Likewise, the appropriate response to price increases derived from excessive market power is to better enforce competition law; and the answer to rising rents for poor families is to encourage investment in new housing, while raising interest rates will have just the opposite effect. If there were labor shortages—a context in which the typical signal is for real wages to rise, the opposite of what we are seeing—the response should include more childcare provision, pro-immigration policies, and wage-boosting measures. and improve working conditions.

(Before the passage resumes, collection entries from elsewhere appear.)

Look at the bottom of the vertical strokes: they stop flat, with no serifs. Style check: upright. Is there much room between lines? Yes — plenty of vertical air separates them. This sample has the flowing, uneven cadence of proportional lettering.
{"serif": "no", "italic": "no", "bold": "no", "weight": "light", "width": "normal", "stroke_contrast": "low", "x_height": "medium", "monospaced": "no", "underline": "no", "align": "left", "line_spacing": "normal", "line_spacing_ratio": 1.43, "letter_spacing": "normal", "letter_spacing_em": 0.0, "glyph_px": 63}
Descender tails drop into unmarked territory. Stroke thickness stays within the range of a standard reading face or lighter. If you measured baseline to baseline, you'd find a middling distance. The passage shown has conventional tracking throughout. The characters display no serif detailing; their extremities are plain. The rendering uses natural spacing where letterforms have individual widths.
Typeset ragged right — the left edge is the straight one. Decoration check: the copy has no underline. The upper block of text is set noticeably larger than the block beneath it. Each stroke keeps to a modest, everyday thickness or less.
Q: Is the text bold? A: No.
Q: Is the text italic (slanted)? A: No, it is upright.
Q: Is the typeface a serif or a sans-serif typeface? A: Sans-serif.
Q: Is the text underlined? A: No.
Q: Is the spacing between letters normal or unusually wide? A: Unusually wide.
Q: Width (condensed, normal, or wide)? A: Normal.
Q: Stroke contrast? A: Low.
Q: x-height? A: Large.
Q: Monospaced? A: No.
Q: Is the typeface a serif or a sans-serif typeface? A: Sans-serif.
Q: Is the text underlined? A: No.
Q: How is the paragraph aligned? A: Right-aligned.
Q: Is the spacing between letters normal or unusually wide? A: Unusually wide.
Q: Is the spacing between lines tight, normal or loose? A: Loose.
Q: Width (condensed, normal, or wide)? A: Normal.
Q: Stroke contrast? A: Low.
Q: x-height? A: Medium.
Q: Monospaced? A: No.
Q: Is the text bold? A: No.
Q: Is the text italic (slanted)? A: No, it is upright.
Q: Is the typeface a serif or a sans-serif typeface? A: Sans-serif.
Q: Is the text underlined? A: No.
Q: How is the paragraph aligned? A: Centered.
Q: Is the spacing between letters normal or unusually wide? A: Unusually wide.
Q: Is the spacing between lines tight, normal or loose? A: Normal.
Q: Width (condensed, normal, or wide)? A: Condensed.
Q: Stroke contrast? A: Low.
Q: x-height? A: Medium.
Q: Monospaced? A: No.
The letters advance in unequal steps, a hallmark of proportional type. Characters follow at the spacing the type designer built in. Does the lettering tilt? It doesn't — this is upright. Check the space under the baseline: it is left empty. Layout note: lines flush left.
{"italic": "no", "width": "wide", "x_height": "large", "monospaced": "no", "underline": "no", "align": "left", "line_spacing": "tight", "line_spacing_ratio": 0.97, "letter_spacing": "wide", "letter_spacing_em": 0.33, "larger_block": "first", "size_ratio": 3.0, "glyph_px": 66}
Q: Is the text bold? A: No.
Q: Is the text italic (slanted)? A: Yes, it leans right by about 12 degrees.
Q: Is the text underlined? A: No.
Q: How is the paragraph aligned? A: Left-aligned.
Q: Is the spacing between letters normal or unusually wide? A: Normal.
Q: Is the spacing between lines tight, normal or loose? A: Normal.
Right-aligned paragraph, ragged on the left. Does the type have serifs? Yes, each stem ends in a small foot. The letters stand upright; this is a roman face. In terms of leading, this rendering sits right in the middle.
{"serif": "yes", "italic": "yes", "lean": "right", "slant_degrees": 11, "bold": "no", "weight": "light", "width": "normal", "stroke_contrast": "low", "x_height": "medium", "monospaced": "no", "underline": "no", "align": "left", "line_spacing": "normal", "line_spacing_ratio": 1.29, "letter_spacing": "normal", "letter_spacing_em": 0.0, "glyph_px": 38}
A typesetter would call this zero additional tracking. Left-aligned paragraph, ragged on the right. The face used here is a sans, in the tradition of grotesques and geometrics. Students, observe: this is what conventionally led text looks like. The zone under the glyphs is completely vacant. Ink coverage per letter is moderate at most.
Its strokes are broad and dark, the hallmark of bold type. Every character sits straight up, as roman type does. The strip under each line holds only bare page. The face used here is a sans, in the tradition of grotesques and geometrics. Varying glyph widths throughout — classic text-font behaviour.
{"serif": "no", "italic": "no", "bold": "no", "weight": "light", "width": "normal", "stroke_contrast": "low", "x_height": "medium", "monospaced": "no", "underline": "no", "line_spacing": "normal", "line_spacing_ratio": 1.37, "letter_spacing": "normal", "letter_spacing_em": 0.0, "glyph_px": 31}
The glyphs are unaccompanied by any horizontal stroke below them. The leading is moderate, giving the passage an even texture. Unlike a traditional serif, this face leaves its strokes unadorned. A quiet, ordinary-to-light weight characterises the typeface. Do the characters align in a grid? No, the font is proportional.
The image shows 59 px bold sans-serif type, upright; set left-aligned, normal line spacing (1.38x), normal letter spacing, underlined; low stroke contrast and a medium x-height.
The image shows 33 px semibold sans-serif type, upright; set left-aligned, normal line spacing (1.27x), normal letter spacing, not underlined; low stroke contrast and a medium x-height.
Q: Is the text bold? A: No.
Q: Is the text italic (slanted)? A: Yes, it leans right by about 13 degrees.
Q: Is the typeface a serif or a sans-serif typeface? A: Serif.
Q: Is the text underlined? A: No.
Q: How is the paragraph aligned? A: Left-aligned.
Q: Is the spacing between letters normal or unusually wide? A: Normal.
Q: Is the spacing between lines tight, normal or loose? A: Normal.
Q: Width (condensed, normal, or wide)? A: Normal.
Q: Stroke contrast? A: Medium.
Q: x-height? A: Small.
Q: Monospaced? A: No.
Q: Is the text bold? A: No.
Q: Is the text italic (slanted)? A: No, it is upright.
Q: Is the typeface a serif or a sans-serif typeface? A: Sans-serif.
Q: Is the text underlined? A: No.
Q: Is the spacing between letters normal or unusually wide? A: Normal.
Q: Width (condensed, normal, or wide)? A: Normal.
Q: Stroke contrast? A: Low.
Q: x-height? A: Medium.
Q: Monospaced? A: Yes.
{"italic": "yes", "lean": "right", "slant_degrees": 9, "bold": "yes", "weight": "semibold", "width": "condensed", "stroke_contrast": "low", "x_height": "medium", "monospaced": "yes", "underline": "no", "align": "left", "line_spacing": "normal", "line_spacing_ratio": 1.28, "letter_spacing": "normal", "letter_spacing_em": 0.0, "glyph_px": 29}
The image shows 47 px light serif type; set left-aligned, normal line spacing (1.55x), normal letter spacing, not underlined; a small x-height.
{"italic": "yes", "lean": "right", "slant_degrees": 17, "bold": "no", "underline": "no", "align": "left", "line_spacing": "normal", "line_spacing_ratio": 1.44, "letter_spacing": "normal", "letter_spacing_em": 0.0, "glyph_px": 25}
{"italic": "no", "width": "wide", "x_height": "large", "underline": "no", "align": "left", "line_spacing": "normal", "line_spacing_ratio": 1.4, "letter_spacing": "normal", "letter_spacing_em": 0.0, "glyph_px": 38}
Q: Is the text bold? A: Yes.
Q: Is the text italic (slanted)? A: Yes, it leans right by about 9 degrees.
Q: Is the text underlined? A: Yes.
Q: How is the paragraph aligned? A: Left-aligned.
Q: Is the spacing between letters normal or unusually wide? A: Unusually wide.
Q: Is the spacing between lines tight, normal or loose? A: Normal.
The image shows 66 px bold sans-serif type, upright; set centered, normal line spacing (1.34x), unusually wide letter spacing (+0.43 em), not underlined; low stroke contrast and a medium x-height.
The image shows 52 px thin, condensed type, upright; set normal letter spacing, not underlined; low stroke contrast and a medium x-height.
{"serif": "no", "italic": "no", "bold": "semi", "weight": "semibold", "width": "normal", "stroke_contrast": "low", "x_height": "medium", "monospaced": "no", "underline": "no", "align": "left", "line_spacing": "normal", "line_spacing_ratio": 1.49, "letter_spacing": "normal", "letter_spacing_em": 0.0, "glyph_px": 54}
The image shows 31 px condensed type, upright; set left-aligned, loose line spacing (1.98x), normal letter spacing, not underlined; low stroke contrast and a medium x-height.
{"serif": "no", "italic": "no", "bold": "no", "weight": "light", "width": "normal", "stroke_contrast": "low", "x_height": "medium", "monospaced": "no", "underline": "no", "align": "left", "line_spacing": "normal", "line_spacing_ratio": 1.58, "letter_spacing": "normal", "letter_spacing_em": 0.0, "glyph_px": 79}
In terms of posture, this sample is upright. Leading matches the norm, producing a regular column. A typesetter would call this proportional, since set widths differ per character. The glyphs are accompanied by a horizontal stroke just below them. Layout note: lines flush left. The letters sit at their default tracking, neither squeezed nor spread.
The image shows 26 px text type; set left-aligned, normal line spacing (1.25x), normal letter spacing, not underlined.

After more than a decade of meager interest rates, it makes sense to “normalize” them. But raising rates more than necessary in a quixotic attempt to control inflation in a short time will not only cause suffering now, but will leave lasting scars, especially among those least able to bear the effects of ill-advised policies such as these. . By contrast, most of the fiscal and other responses described here would deliver long-term social benefits, even if inflation ultimately turns out to be lower than anticipated. The phrase of the psychologist Abraham Maslow is well known according to which, “if all you have is a hammer, all problems look like nails to you”. The fact that the US Federal Reserve has a hammer does not mean that it has to go out and destroy the economy with a hammer.